» Work instruction
Search the listing for the string "style". Copy every line that has it.
═════ Dataset entries
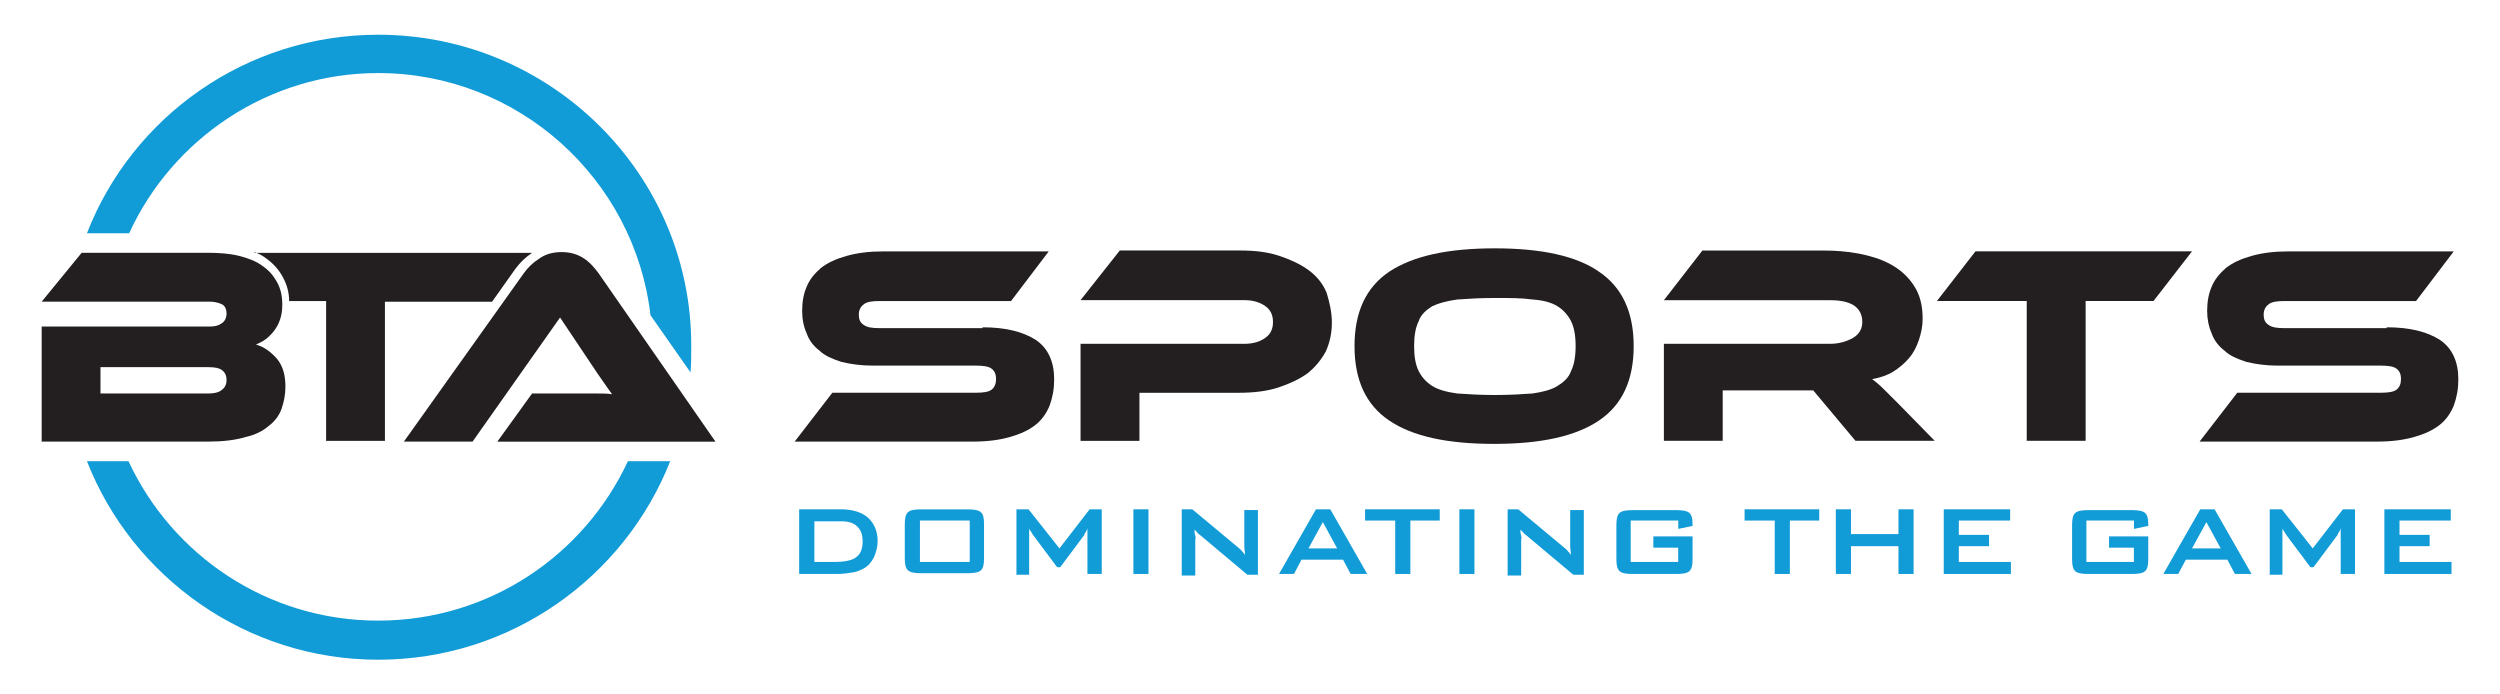 <?xml version="1.0" encoding="UTF-8"?>
<svg xmlns="http://www.w3.org/2000/svg" xmlns:xlink="http://www.w3.org/1999/xlink" version="1.1" id="Layer_1" x="0px" y="0px" viewBox="0 0 360 100" style="enable-background:new 0 0 360 100;" xml:space="preserve">
<style type="text/css">
	.st0{fill:#231F20;}
	.st1{fill:#119BD7;}
</style>
<g>
	<path class="st0" d="M14.47,52.87v3.79h15.54c0.98,0,1.63-0.22,1.96-0.54c0.43-0.32,0.65-0.76,0.65-1.41   c0-0.65-0.22-1.08-0.65-1.41c-0.43-0.32-1.09-0.43-1.96-0.43H14.47z M36.86,49.62c1.19,0.32,2.17,1.08,3.04,2.06   c0.87,1.08,1.2,2.38,1.2,4.01c0,1.19-0.22,2.17-0.54,3.14c-0.33,0.97-0.98,1.84-1.85,2.49c-0.87,0.76-1.96,1.3-3.37,1.62   c-1.41,0.43-3.26,0.65-5.32,0.65H6V47.02h24.23c0.65,0,1.2-0.11,1.63-0.43c0.44-0.22,0.76-0.76,0.76-1.41   c0-0.65-0.22-1.19-0.76-1.41c-0.54-0.22-1.09-0.33-1.63-0.33H6l5.76-7.04H29.9c1.63,0,3.15,0.11,4.45,0.43   c1.3,0.32,2.5,0.76,3.37,1.41c0.98,0.65,1.63,1.41,2.17,2.38s0.76,2.06,0.76,3.25c0,0.87-0.11,1.52-0.33,2.17   c-0.22,0.65-0.54,1.19-0.87,1.62c-0.33,0.43-0.76,0.87-1.2,1.19C37.83,49.19,37.29,49.4,36.86,49.62z"></path>
	<path class="st0" d="M36.64,36.3c0.65,0.22,1.19,0.54,1.63,0.87c1.09,0.76,1.95,1.73,2.5,2.82c0.54,0.98,0.87,2.17,0.87,3.36h5.32   v20.14h8.47V43.45h15.43l3.37-4.76c0.65-0.87,1.41-1.62,2.39-2.28H36.64V36.3z"></path>
	<path class="st0" d="M71.62,63.59l5-6.93h6.74c0.76,0,1.63,0,2.5,0s1.63,0,2.28,0.11c-0.33-0.43-0.76-1.08-1.3-1.84   c-0.54-0.76-0.98-1.41-1.41-2.06l-4.78-7.15l-12.6,17.87h-9.89l17.28-24.26c0.54-0.76,1.3-1.52,2.17-2.06   c0.87-0.65,1.96-0.97,3.26-0.97s2.28,0.32,3.15,0.87s1.52,1.3,2.17,2.17l16.84,24.26H71.62z"></path>
	<path class="st1" d="M54.46,5C35.44,5,19.04,16.8,12.52,33.59h6.08c6.19-13.54,19.99-23.07,35.85-23.07   c20.21,0,36.94,15.27,39.22,34.87l5.76,8.23c0.11-1.19,0.11-2.38,0.11-3.68C99.65,25.14,79.34,5,54.46,5z M90.42,66.41   c-6.3,13.54-19.99,22.96-35.96,22.96c-15.97,0-29.66-9.42-35.96-22.96h-5.98C19.04,83.09,35.44,95,54.46,95   c19.01,0,35.42-11.8,42.05-28.59H90.42z"></path>
	<path class="st0" d="M141.48,47.13c3.37,0,5.87,0.65,7.71,1.84c1.74,1.19,2.61,3.14,2.61,5.63c0,1.41-0.22,2.6-0.65,3.79   c-0.44,1.08-1.09,2.06-2.07,2.82c-0.98,0.76-2.17,1.3-3.69,1.73s-3.26,0.65-5.32,0.65h-25.64l5.43-7.04h20.75   c0.98,0,1.74-0.11,2.17-0.43c0.43-0.32,0.65-0.87,0.65-1.52c0-0.76-0.22-1.19-0.65-1.52c-0.43-0.32-1.19-0.43-2.17-0.43h-14.89   c-1.74,0-3.26-0.22-4.56-0.54c-1.3-0.43-2.39-0.87-3.15-1.62c-0.87-0.65-1.52-1.52-1.85-2.49c-0.44-0.97-0.65-2.06-0.65-3.25   c0-1.3,0.22-2.49,0.65-3.46c0.43-1.08,1.19-1.95,2.06-2.71c0.98-0.76,2.17-1.3,3.69-1.73c1.52-0.43,3.26-0.65,5.32-0.65h23.79   l-5.43,7.15H126.6c-0.98,0-1.74,0.11-2.17,0.43c-0.43,0.32-0.76,0.76-0.76,1.52s0.22,1.19,0.76,1.52c0.43,0.32,1.19,0.43,2.17,0.43   h14.89V47.13z"></path>
	<path class="st0" d="M191.79,46.48c0,1.52-0.33,2.92-0.87,4.12c-0.65,1.19-1.52,2.27-2.61,3.14c-1.19,0.87-2.61,1.52-4.24,2.06   c-1.63,0.54-3.58,0.76-5.65,0.76h-14.34v6.93h-8.48V49.51h23.58c1.3,0,2.28-0.32,3.04-0.87c0.76-0.54,1.09-1.3,1.09-2.27   c0-0.98-0.33-1.73-1.09-2.28c-0.76-0.54-1.74-0.87-3.04-0.87h-23.58l5.65-7.15h17.28c2.17,0,4.02,0.22,5.65,0.76   c1.63,0.54,3.04,1.19,4.24,2.06c1.2,0.87,2.06,1.95,2.61,3.25C191.46,43.56,191.79,44.96,191.79,46.48z"></path>
	<path class="st0" d="M215.26,56.88c2.17,0,3.91-0.11,5.43-0.22c1.52-0.22,2.72-0.54,3.59-1.08c0.87-0.54,1.63-1.19,1.96-2.17   c0.43-0.87,0.65-2.06,0.65-3.57c0-1.52-0.22-2.71-0.65-3.57c-0.43-0.87-1.09-1.62-1.96-2.17c-0.87-0.54-2.06-0.87-3.59-0.97   c-1.52-0.22-3.26-0.22-5.43-0.22s-3.91,0.11-5.43,0.22c-1.52,0.22-2.72,0.54-3.59,0.97c-0.87,0.54-1.63,1.19-1.96,2.17   c-0.43,0.87-0.65,2.06-0.65,3.57c0,1.52,0.22,2.71,0.65,3.57c0.43,0.87,1.09,1.62,1.96,2.17c0.87,0.54,2.06,0.87,3.59,1.08   C211.35,56.77,213.19,56.88,215.26,56.88z M215.26,35.76c6.63,0,11.73,1.08,14.99,3.36c3.37,2.28,5,5.85,5,10.72   c0,4.87-1.63,8.45-5,10.72c-3.37,2.27-8.36,3.36-15.1,3.36c-6.74,0-11.73-1.08-15.1-3.36c-3.37-2.27-5-5.85-5-10.72   c0-4.87,1.63-8.45,5-10.72C203.52,36.84,208.52,35.76,215.26,35.76z"></path>
	<path class="st0" d="M278.6,63.48h-11.41l-6.08-7.26h-13.04v7.26h-8.47V49.51h23.9c1.3,0,2.39-0.32,3.37-0.87   c0.87-0.54,1.3-1.3,1.3-2.27c0-1.08-0.43-1.84-1.19-2.38c-0.87-0.54-1.96-0.76-3.48-0.76h-23.9l5.54-7.15h17.6   c1.52,0,3.15,0.11,4.89,0.43c1.63,0.32,3.15,0.76,4.56,1.52c1.41,0.76,2.5,1.73,3.37,3.03c0.87,1.3,1.3,2.82,1.3,4.87   c0,1.08-0.22,2.06-0.54,3.03c-0.33,0.97-0.76,1.84-1.41,2.6c-0.65,0.76-1.41,1.41-2.28,1.95c-0.87,0.54-1.85,0.87-3.04,1.08   c0.43,0.33,0.98,0.76,1.52,1.3c0.54,0.54,1.3,1.3,2.28,2.27L278.6,63.48z"></path>
	<polygon class="st0" points="315.65,36.19 310.11,43.34 300.33,43.34 300.33,63.48 291.85,63.48 291.85,43.34 278.92,43.34    284.47,36.19  "></polygon>
	<path class="st0" d="M343.68,47.13c3.37,0,5.87,0.65,7.71,1.84c1.74,1.19,2.61,3.14,2.61,5.63c0,1.41-0.22,2.6-0.65,3.79   c-0.44,1.08-1.09,2.06-2.07,2.82c-0.98,0.76-2.17,1.3-3.69,1.73s-3.26,0.65-5.32,0.65h-25.53l5.43-7.04h20.75   c0.98,0,1.74-0.11,2.17-0.43c0.44-0.32,0.65-0.87,0.65-1.52c0-0.76-0.22-1.19-0.65-1.52c-0.43-0.32-1.19-0.43-2.17-0.43h-14.88   c-1.74,0-3.26-0.22-4.56-0.54c-1.3-0.43-2.39-0.87-3.15-1.62c-0.87-0.65-1.52-1.52-1.85-2.49c-0.43-0.97-0.65-2.06-0.65-3.25   c0-1.3,0.22-2.49,0.65-3.46c0.43-1.08,1.2-1.95,2.06-2.71c0.98-0.76,2.17-1.3,3.69-1.73c1.52-0.43,3.26-0.65,5.32-0.65h23.79   l-5.43,7.15H328.9c-0.98,0-1.74,0.11-2.17,0.43c-0.44,0.32-0.76,0.76-0.76,1.52s0.22,1.19,0.76,1.52c0.43,0.32,1.19,0.43,2.17,0.43   h14.78V47.13z"></path>
	<path class="st1" d="M117.26,80.92h2.83c1.52,0,2.61-0.22,3.15-0.65c0.65-0.43,0.98-1.19,0.98-2.27c0-0.98-0.22-1.62-0.76-2.17   c-0.54-0.54-1.3-0.76-2.28-0.76h-3.91V80.92z M115.08,82.65v-9.31h5.98c1.74,0,3.04,0.43,3.91,1.19s1.41,1.95,1.41,3.36   c0,0.87-0.22,1.62-0.54,2.38c-0.33,0.65-0.87,1.3-1.52,1.62c-0.43,0.22-0.87,0.43-1.52,0.54c-0.65,0.11-1.41,0.22-2.28,0.22H115.08   z"></path>
	<path class="st1" d="M132.47,80.92h7.17v-5.96h-7.17V80.92z M130.29,75.51c0-0.87,0.11-1.41,0.44-1.73   c0.33-0.33,0.98-0.43,1.85-0.43h6.84c0.87,0,1.52,0.11,1.85,0.43c0.33,0.32,0.43,0.87,0.43,1.73v4.87c0,0.87-0.11,1.41-0.43,1.73   c-0.33,0.32-0.98,0.43-1.85,0.43h-6.84c-0.87,0-1.52-0.11-1.85-0.43c-0.33-0.32-0.44-0.87-0.44-1.73V75.51z"></path>
	<path class="st1" d="M146.37,82.65v-9.31h1.74l4.45,5.63l4.35-5.63h1.74v9.31h-2.06v-5.74c0-0.11,0-0.22,0-0.43   c0-0.22,0-0.32,0.11-0.54c-0.11,0.22-0.22,0.43-0.33,0.65c-0.11,0.11-0.22,0.32-0.22,0.43l-3.48,4.66h-0.44l-3.48-4.66   c-0.11-0.22-0.22-0.32-0.33-0.54c-0.11-0.11-0.22-0.32-0.22-0.43c0,0.22,0,0.32,0,0.54c0,0.11,0,0.32,0,0.43v5.74h-1.85V82.65z"></path>
	<rect x="163.21" y="73.34" class="st1" width="2.17" height="9.31"></rect>
	<path class="st1" d="M170.17,82.65v-9.31h1.52l6.63,5.52c0.22,0.22,0.43,0.32,0.54,0.54c0.22,0.22,0.33,0.32,0.43,0.54   c0-0.54-0.11-0.87-0.11-1.08c0-0.22,0-0.43,0-0.54v-4.87h1.96v9.31h-1.52l-6.84-5.74c-0.22-0.11-0.33-0.32-0.44-0.43   c-0.11-0.11-0.22-0.22-0.33-0.32c0,0.32,0,0.54,0.11,0.87c0.11,0.32,0,0.43,0,0.65v5.09h-1.96V82.65z"></path>
	<path class="st1" d="M188.42,78.97h4.13l-2.06-3.79L188.42,78.97z M184.18,82.65l5.32-9.31h2.06l5.32,9.31h-2.39l-1.09-2.06h-5.98   l-1.09,2.06H184.18z"></path>
	<polygon class="st1" points="203.09,74.96 203.09,82.65 200.91,82.65 200.91,74.96 196.57,74.96 196.57,73.34 207.32,73.34    207.32,74.96  "></polygon>
	<rect x="210.15" y="73.34" class="st1" width="2.17" height="9.31"></rect>
	<path class="st1" d="M217.1,82.65v-9.31h1.52l6.63,5.52c0.22,0.22,0.43,0.32,0.54,0.54c0.22,0.22,0.33,0.32,0.43,0.54   c0-0.54-0.11-0.87-0.11-1.08c0-0.22,0-0.43,0-0.54v-4.87h1.96v9.31h-1.52l-6.84-5.74c-0.22-0.11-0.33-0.32-0.44-0.43   c-0.11-0.11-0.22-0.22-0.33-0.32c0,0.32,0,0.54,0.11,0.87c0.11,0.32,0,0.43,0,0.65v5.09h-1.96V82.65z"></path>
	<path class="st1" d="M241.66,74.96h-6.84v5.96h6.84v-2.06h-3.58v-1.62h5.65v3.25c0,0.87-0.11,1.41-0.43,1.73   c-0.33,0.32-0.98,0.43-1.85,0.43h-6.41c-0.87,0-1.52-0.11-1.85-0.43c-0.33-0.33-0.43-0.87-0.43-1.73v-4.87   c0-0.87,0.11-1.41,0.43-1.73c0.33-0.32,0.98-0.43,1.85-0.43h6.41c0.87,0,1.52,0.11,1.85,0.43s0.43,0.87,0.43,1.62v0.22l-2.06,0.43   V74.96z"></path>
	<polygon class="st1" points="257.74,74.96 257.74,82.65 255.56,82.65 255.56,74.96 251.22,74.96 251.22,73.34 261.97,73.34    261.97,74.96  "></polygon>
	<polygon class="st1" points="264.36,82.65 264.36,73.34 266.54,73.34 266.54,76.91 273.38,76.91 273.38,73.34 275.56,73.34    275.56,82.65 273.38,82.65 273.38,78.65 266.54,78.65 266.54,82.65  "></polygon>
	<polygon class="st1" points="279.9,82.65 279.9,73.34 289.46,73.34 289.46,74.96 282.07,74.96 282.07,77.02 286.42,77.02    286.42,78.65 282.07,78.65 282.07,80.92 289.57,80.92 289.57,82.65  "></polygon>
	<path class="st1" d="M307.28,74.96h-6.84v5.96h6.84v-2.06h-3.58v-1.62h5.65v3.25c0,0.87-0.11,1.41-0.43,1.73   c-0.33,0.32-0.98,0.43-1.85,0.43h-6.41c-0.87,0-1.52-0.11-1.85-0.43c-0.33-0.33-0.43-0.87-0.43-1.73v-4.87   c0-0.87,0.11-1.41,0.43-1.73c0.33-0.32,0.98-0.43,1.85-0.43h6.41c0.87,0,1.52,0.11,1.85,0.43s0.43,0.87,0.43,1.62v0.22l-2.06,0.43   V74.96z"></path>
	<path class="st1" d="M315.65,78.97h4.13l-2.06-3.79L315.65,78.97z M311.52,82.65l5.32-9.31h2.06l5.32,9.31h-2.39l-1.09-2.06h-5.98   l-1.09,2.06H311.52z"></path>
	<path class="st1" d="M326.84,82.65v-9.31h1.74l4.45,5.63l4.35-5.63h1.74v9.31h-2.06v-5.74c0-0.11,0-0.22,0-0.43   c0-0.22,0-0.32,0.11-0.54c-0.11,0.22-0.22,0.43-0.33,0.65c-0.11,0.11-0.22,0.32-0.22,0.43l-3.48,4.66h-0.44l-3.48-4.66   c-0.11-0.22-0.22-0.32-0.33-0.54c-0.11-0.11-0.22-0.32-0.22-0.43c0,0.22,0,0.32,0,0.54c0,0.11,0,0.32,0,0.43v5.74h-1.85V82.65z"></path>
	<polygon class="st1" points="343.35,82.65 343.35,73.34 352.91,73.34 352.91,74.96 345.53,74.96 345.53,77.02 349.87,77.02    349.87,78.65 345.53,78.65 345.53,80.92 353.02,80.92 353.02,82.65  "></polygon>
</g>
</svg>
══════════
» Your solution
<svg xmlns="http://www.w3.org/2000/svg" xmlns:xlink="http://www.w3.org/1999/xlink" version="1.1" id="Layer_1" x="0px" y="0px" viewBox="0 0 360 100" style="enable-background:new 0 0 360 100;" xml:space="preserve">
<style type="text/css">
</style>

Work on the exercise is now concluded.